Florence art guide
  

The Cathedral: Frescoes

Fresco in S.Reparata
Fresco in S.Reparata (1350 ca.)

Excusez nous mais cette page n'est pas été encore traduite en Français

If we exclude the traces of the 13th-14th century frescoes that can still be seen in the righthand transept and among the remains of Santa Reparata, the few examples of painting in the interior of the Cathedral all date from the Renaissance and the late Mannerist period. The lefthand nave is dominated by the "imitation" equestrian monuments to two commanders who had rendered valuable wartime service to the Florentine Republic: the Englishman John Hawkwood (Italianized into Giovanni Acuto) and Niccolò da Tolentino. The former is by Paolo Uccello (1436), while the latter, inspired by the first, is by Andrea del Castagno (1456) and probably his last work.

monument to  Sir John Hawkwood
Paolo Uccello,
monument to
Sir John Hawkwood

Both frescoes have been transferred onto canvas. The two frescoes are based on completely different pictorial concepts.
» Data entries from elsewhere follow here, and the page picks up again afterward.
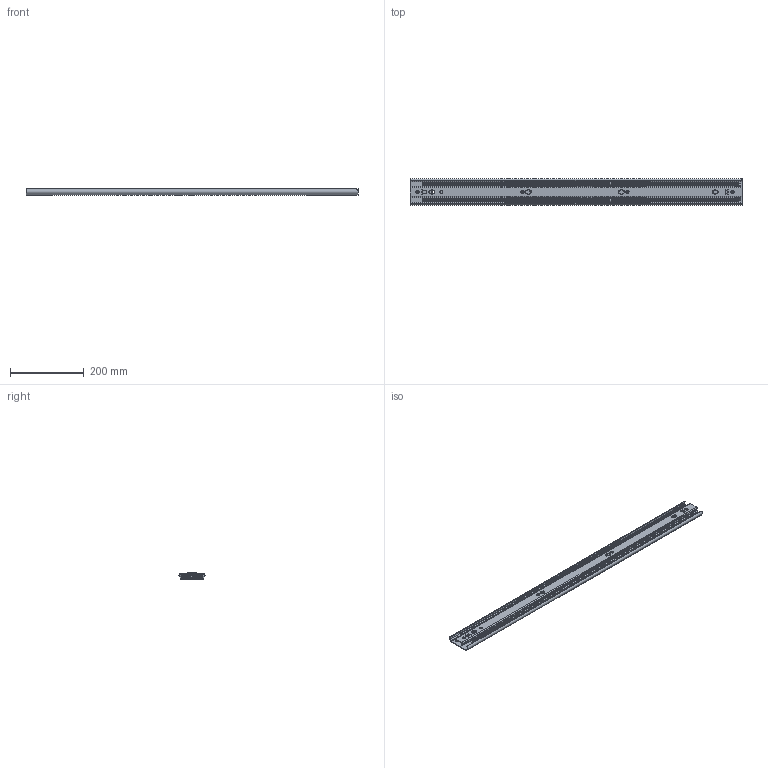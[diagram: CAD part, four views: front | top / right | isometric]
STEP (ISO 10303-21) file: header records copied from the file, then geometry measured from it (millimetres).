
FILE_DESCRIPTION(/* description */ ('TITAN-D- 900/950mm (18.5) Zinc-Magnesium'),/* implementation_level */ '2;1');
FILE_NAME(/* name */ 'M01-AA9_00_closed.stp',/* time_stamp */ '2025-09-08T15:10:27+02:00',/* author */ ('l.hoffmann'),/* organization */ (''),/* preprocessor_version */ 'ST-DEVELOPER v20',/* originating_system */ 'Autodesk Inventor 2022',/* authorisation */ '');
FILE_SCHEMA (('AUTOMOTIVE_DESIGN { 1 0 10303 214 3 1 1 }'));
Products named in the file (14): M01-F67; 511-M01-F67-TM1; 511-M01-F67-TM1_1; E000176861; E000176858; E000176857; 512-M01-F67-TM2; 512-M01-F67-TM2_1; E000176870; E000176848; E000176868; E000176867; 514-M01-F67-TM3; 514-M01-F67-TM3_1
Assembly tree (46 placements, depth 3):
  M01-F67
    511-M01-F67-TM1
      511-M01-F67-TM1_1
    E000176861
      E000176848
      E000176858
      E000176857  x18
    512-M01-F67-TM2
      512-M01-F67-TM2_1
    E000176870
      E000176848
      E000176868
      E000176867  x16
    514-M01-F67-TM3
      514-M01-F67-TM3_1
Bounding box: 900 x 70.9 x 18.4 mm (x, y, z)
Volume: 441219.7 mm3; surface area: 532874.5 mm2
Topology: 73 solids, 73 shells, 2103 faces, 6310 edges, 4198 vertices
Faces by surface type: plane 1011, cylinder 964, sphere 68, cone 60
Full cylindrical faces by diameter (mm): 7.9 x46, 8 x4, 9 x44, 13 x2
Entity records: 72708 total; most frequent: CARTESIAN_POINT 14813, ORIENTED_EDGE 12220, DIRECTION 11980, EDGE_CURVE 6110, VERTEX_POINT 4070, AXIS2_PLACEMENT_3D 4042, LINE 3896, VECTOR 3896

Paolo Uccello painted the horse and knight with a sort of idealised and almost cubist "synopsis" of the various parts that compose the two figures. Two main colours, red and green, are used to create a series of curves: the neck, the rump and the belly of the horse are formed by circles, and the man dividing the horse in two parts is drawn with wheel-shapes, dots and half-spheres. This method is also clearly employed in the great Battle of San Romano (1435) in the Uffizi. The purchasers were not at all pleased with the fresco: on June 28th 1436 the artist received orders to destroy it and even Donatello reproached his friend for having drawn such a dead-looking horse. In the end Paolo had to gave way to please the public, incapable of understanding his purity of form, and had to touch up the fresco; however a drawing in the Uffizi gives a clear indication of his original intentions which anticipate many of the much more recent artistic experiences of the 20th century.

monument to Niccolò da Tolentino
Andrea del Castagno,
monument to Niccolò da Tolentino

The fresco that Andrea del Castagno was to paint twenty years later already shows traces of the crisis in Florentine painting: while Paolo took such inordinate care over the play of perspective until it eventually became the most important element in his painting, Andrea added all his power of line and, like Pollaiolo later, made drawing become the basic origin of all his creative inspiration and not simply an abstraction of the mind.

frescoes in the Cupola
The frescoes in the Cupola

The frescoes for the cupola by Brunelleschi, whose huge surface (4.000 sq. metres) was originally designed to be covered in mosaics like those in the Baptistery, were to be a much more exacting and enormous undertaking. The chosen subject was the Last Judgement and its execution was entrusted to Giorgio Vasari (1572-74), who followed the scrupulous iconographic Counter Reformation formula created by Don Vincenzo Borghini, Director of the Ospedale degl'Innocenti. On Vasari's death, the work was passed on to painter Federico Zuccari, who completed it between 1576 and 1579.